Francesco también está enamorado. Sin embargo, en su caso confluye un patronímico: Petrarca. No es asunto menor reparar en esta circunstancia por cuanto en la historia literaria resulta imposible disociarlo de su excelso carácter poético. El amor petrarquista, muy a pesar de aquel Otis Green que citábamos más arriba, está ligado a la sensualidad y al deseo y, como en Laura, su concepción y espontaneidad son radicalmente subjetivas. Esos componentes —sensualidad y deseo— son los que inducen a Petrarca a la *invención de la amada+, como decía Proust. Es decir, el deseo (y el deseo de amar) es el origen de la figura del amado como una construcción del amante que luego particularizará en un ser concreto. Para Petrarca, ese ser concreto es Laura y se le revela inequívocamente en aquella iglesia de Santa Clara. Francesco ama a Laura, pero su apellido Petrarca encuentra en Laura tan sólo un pretexto para el fin último y esencial del amor; esto es: amar, que constituye el principio activo del amor: lo trascendente es amar, independientemente de cuál sea el objeto. Francesco Petrarca estima que el deseo es un estado latente que busca su satisfacción frente al aplazamiento constante de su concreción para mantenerlo vivo. Esta permanente oposición determina la paradoja de que la satisfacción es la esencia del deseo. Coincide con el amor en la imposibilidad de dar plenitud y felicidad, pero también en ser fuente de experiencia y sabiduría. Si la primera propuesta es cierta en toda la Primera Parte del Cancionero, en la que el poeta mantiene vivísimo el deseo; la fuente de experiencia y sabiduría mana con fluidez en la Segunda Parte.
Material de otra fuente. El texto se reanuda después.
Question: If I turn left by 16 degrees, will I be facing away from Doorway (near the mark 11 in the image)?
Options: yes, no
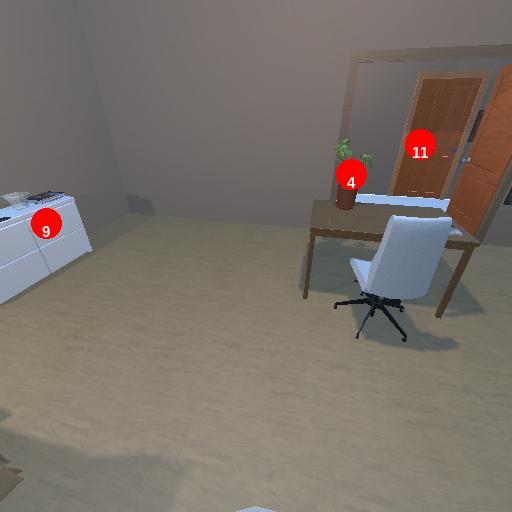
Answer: yes
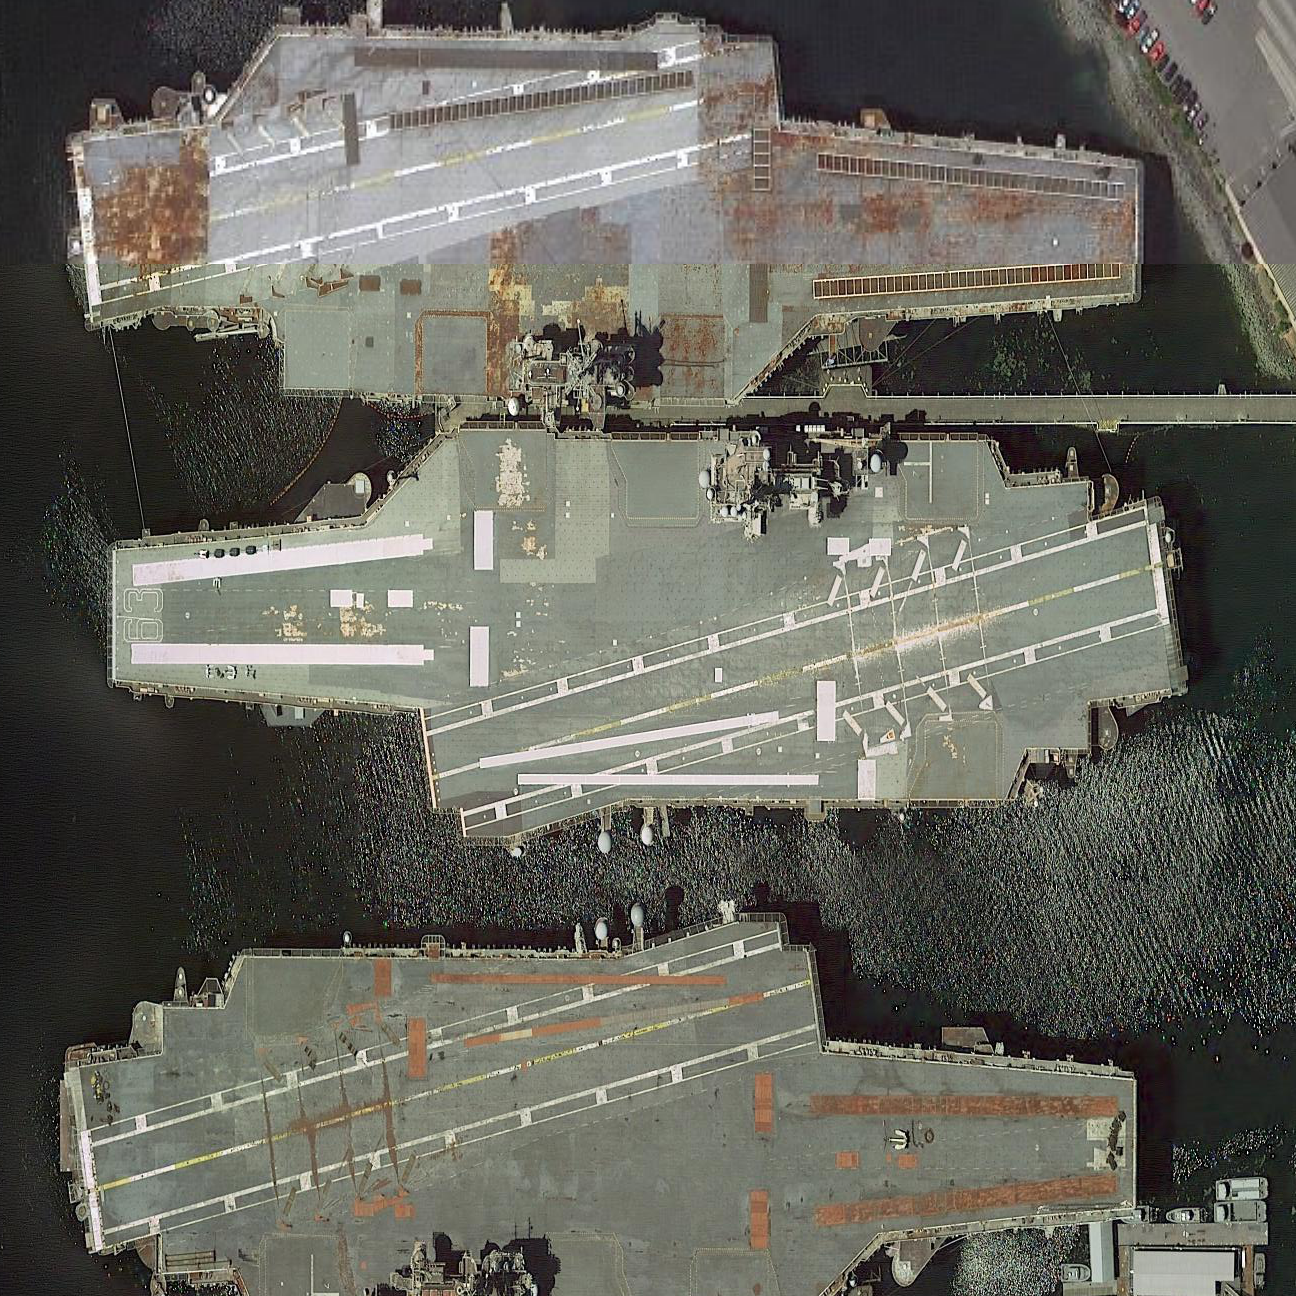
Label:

Estamos convencidos de que Laura creyó a pies juntillas la célebre afirmación virgiliana que tan fuertes nos ha hecho frente a la adversidad moral: Omnia vincit amor. No dudamos de que Francesco la compartiría, y más seguros estamos de que Petrarca adoptaría esta otra que un anónimo amanuense dejó escrita en la biblioteca de Benediktbeuern, junto al manuscrito de Carmina Burana: Omnia vincit verbum.